Description
NOTE: This is a used, great condition, paperback. The book has been carefully looked after, and has a shop sticker on the barcode on the back cover.
Blurb:
Historical background: The Napoleonic Wars were at an end. England was in a poor economic state; wages for agricultural workers of the Fens of Cambridgeshire were poor and the costs of essentials such as flour and bread rising out of reach. This decline in the independent Fenmen’s life was brought to a head at the monthly ‘benefit’ meeting at the Globe Inn, Littleport.
Henry Martin a beer house orator spouted loudly about getting things sorted out, which only served to ferment the angry labourers. The ensuing ‘shindig’ was seen by the wealthy as a severe threat to their lives and so began the rounding up by hated soldiers of those believed to be guilty of rioting. All this was seen through the eyes of Clem Legge, a Fen ‘tiger’ who frequented Littleport and the Globe, he later wrote down the rightful aftermath of the ‘riots’.
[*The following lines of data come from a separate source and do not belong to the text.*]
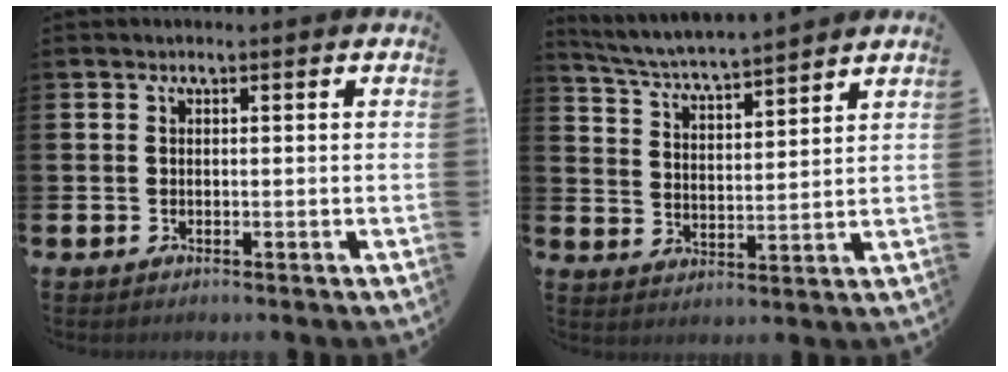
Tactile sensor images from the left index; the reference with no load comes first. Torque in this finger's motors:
{"motor_torque": [-0.05, -0.71, 0.25, 0.21]}
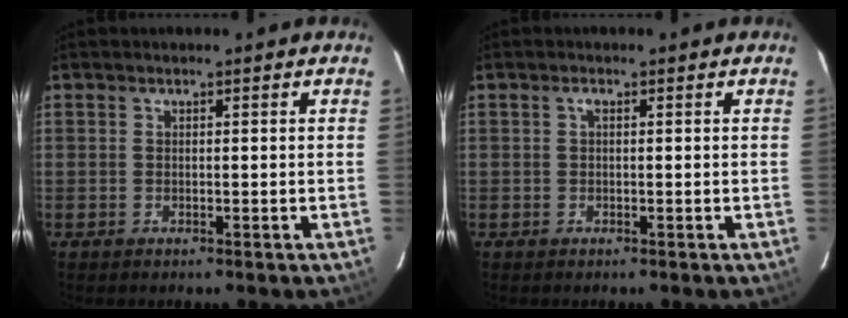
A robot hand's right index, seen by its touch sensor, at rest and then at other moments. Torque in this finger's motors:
{"motor_torque": [0.16, -0.04, 0.10, 0.02]}
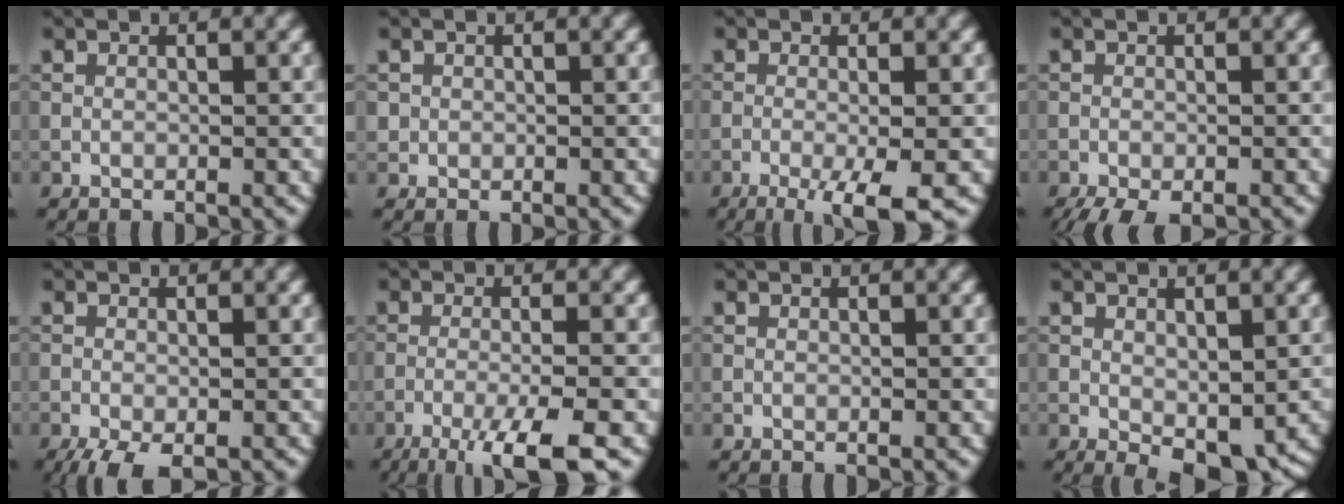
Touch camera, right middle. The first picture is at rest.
{"total": 0.7, "force": [0.0, 0.7, 0.0], "torque": [0.008, -0.004, -0.001]}
{"total": 5.3, "force": [-2.4, 1.0, 4.6], "torque": [-0.070, -0.002, -0.041]}
{"total": 4.1, "force": [-3.1, 1.1, 2.4], "torque": [-0.034, -0.007, -0.050]}
{"total": 3.1, "force": [-2.1, 0.9, 2.2], "torque": [-0.042, -0.008, -0.038]}
{"total": 6.6, "force": [-3.9, 1.2, 5.3], "torque": [-0.074, -0.001, -0.070]}
{"total": 0.0}
{"total": 3.6, "force": [-0.7, 1.7, 3.1], "torque": [-0.046, -0.009, -0.004]}

There can be no real heroes, no real villains but I have tried to capture the heavy atmosphere that did much to wean the poor fenfolk from the Big Church and the Bishop of Ely. The Bishop and the wealthy, seemingly uncaring land owners being the cause of the poverty that went a long way into ‘stirring the hornet’s nest’. Clem Legge observed a flight of five swans, a symbol of hope as they flew over the five empty gallows to end the story.